Exercise materials below:
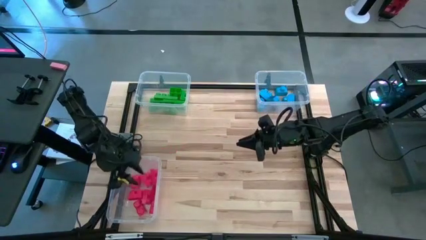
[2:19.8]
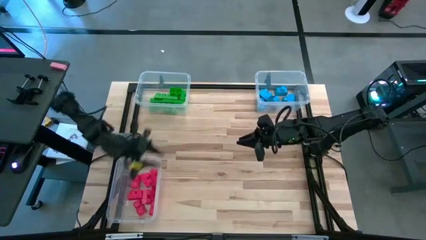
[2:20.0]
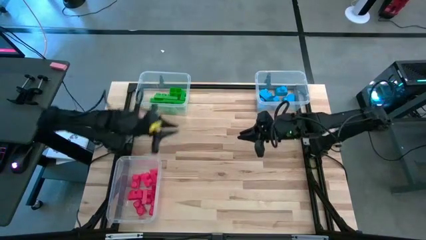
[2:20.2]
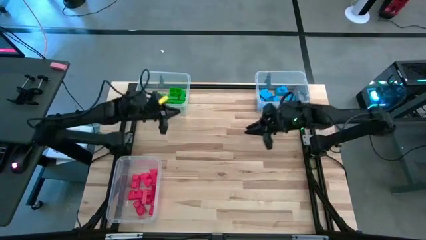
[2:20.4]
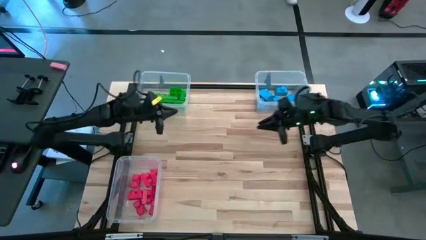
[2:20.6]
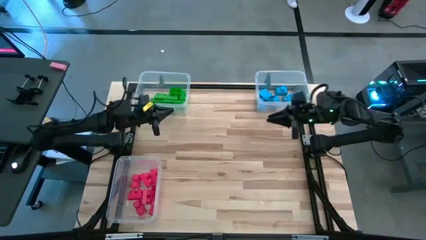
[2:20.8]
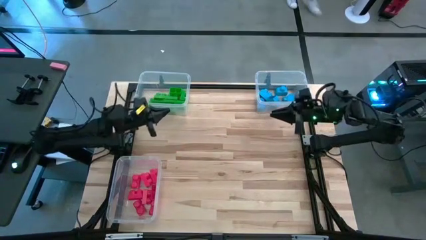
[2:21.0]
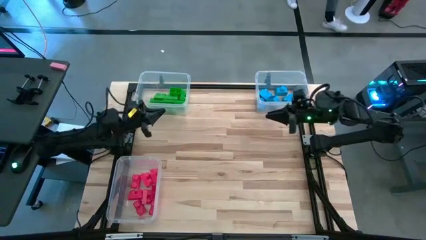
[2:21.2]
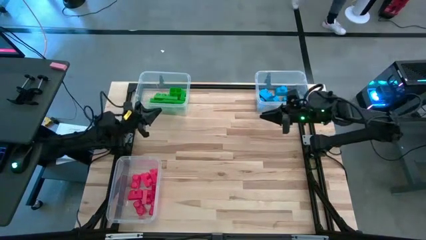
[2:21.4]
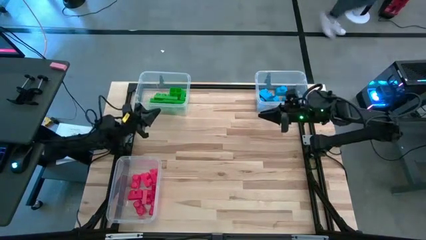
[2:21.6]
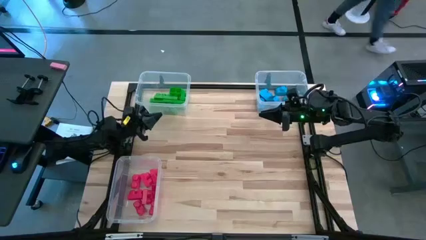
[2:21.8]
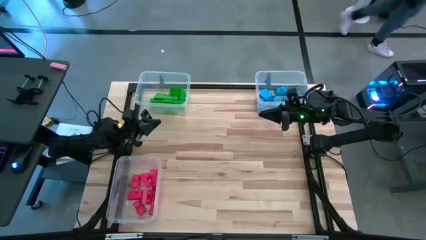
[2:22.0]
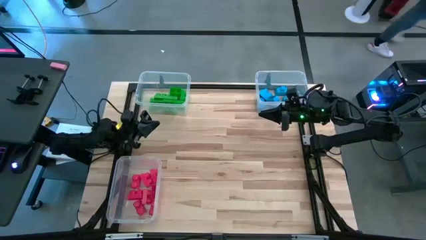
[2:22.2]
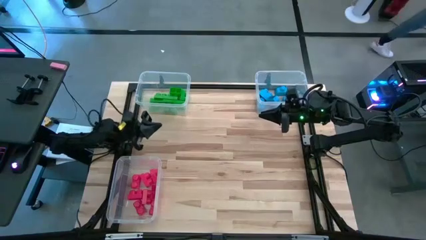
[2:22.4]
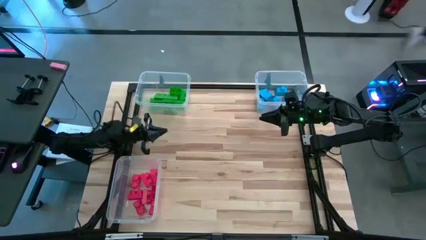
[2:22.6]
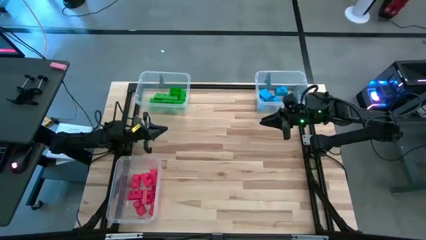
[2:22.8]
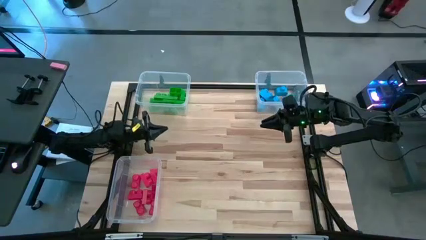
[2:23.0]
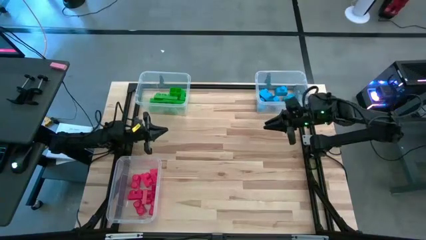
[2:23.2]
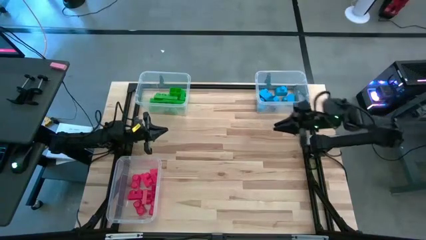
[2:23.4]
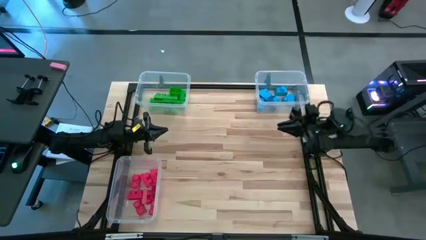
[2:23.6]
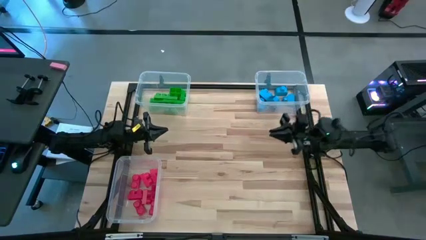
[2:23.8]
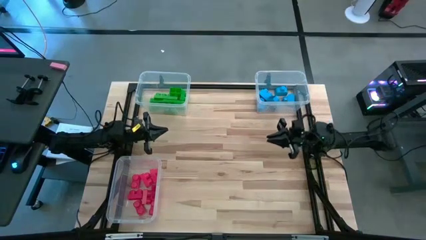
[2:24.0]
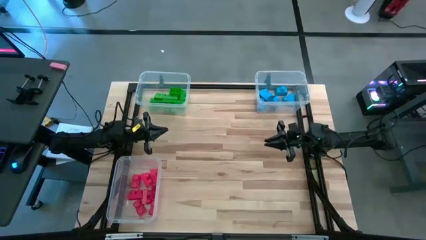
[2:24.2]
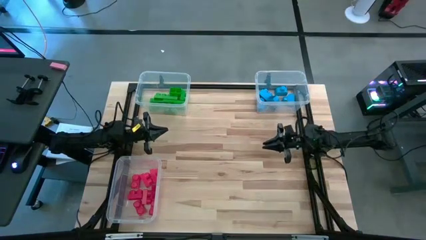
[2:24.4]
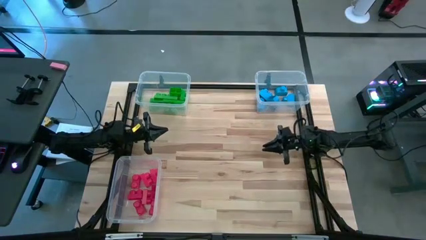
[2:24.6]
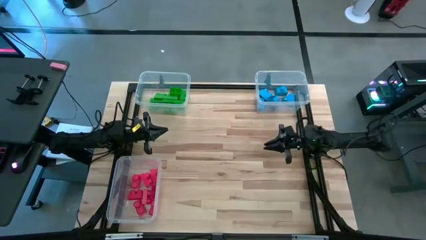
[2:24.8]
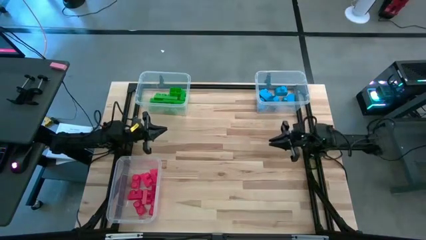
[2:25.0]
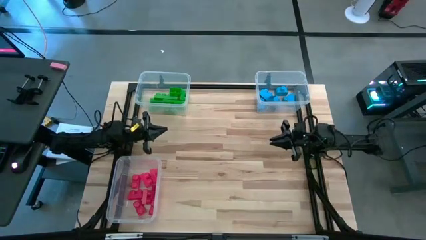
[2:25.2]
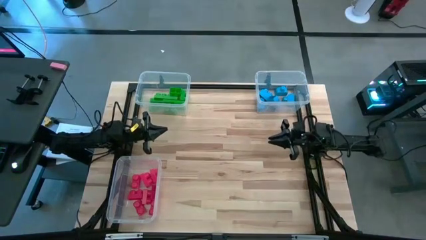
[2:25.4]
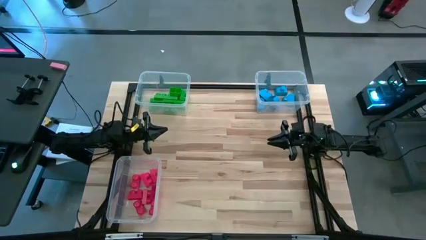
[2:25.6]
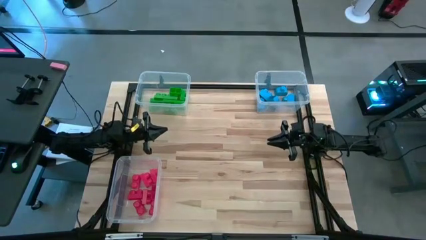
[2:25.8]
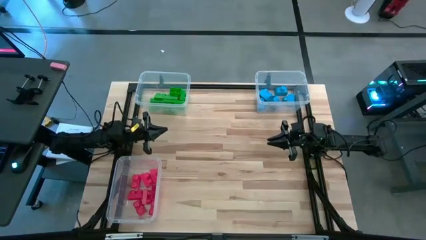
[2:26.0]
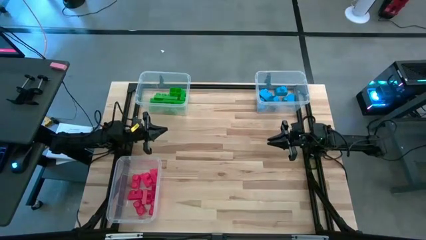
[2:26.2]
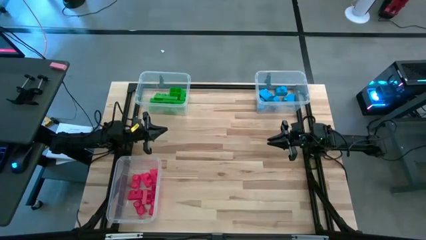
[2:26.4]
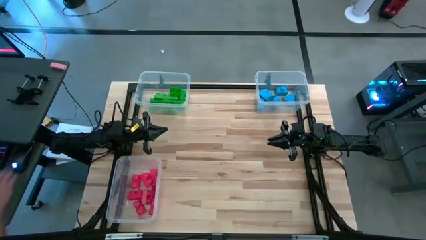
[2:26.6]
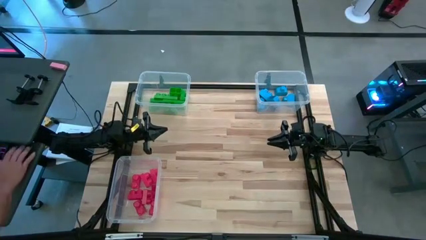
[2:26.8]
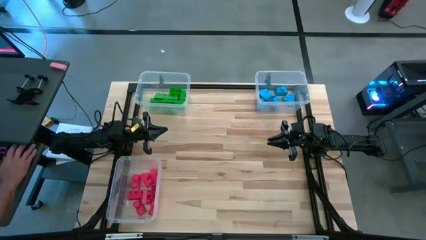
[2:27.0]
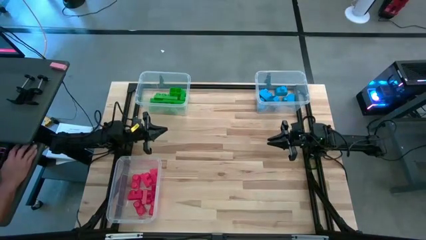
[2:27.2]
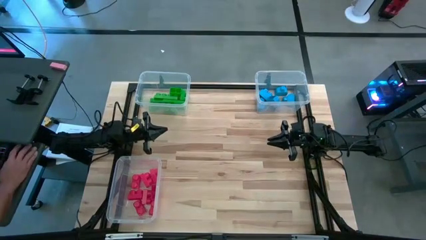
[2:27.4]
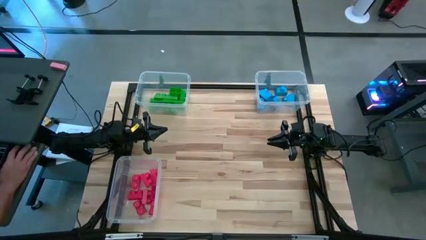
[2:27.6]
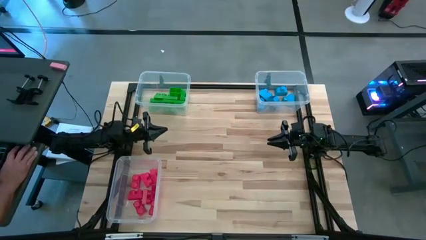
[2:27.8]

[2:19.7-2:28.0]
Task: Sort blocks
Return to Home Position
End of Exercise materials.
■ Your assignment ■
Reprint the entries above exactly, images removed.

■ Reply to the task ■
[2:19.8]
[2:20.0]
[2:20.2]
[2:20.4]
[2:20.6]
[2:20.8]
[2:21.0]
[2:21.2]
[2:21.4]
[2:21.6]
[2:21.8]
[2:22.0]
[2:22.2]
[2:22.4]
[2:22.6]
[2:22.8]
[2:23.0]
[2:23.2]
[2:23.4]
[2:23.6]
[2:23.8]
[2:24.0]
[2:24.2]
[2:24.4]
[2:24.6]
[2:24.8]
[2:25.0]
[2:25.2]
[2:25.4]
[2:25.6]
[2:25.8]
[2:26.0]
[2:26.2]
[2:26.4]
[2:26.6]
[2:26.8]
[2:27.0]
[2:27.2]
[2:27.4]
[2:27.6]
[2:27.8]

[2:19.7-2:28.0]
Task: Sort blocks
Return to Home Position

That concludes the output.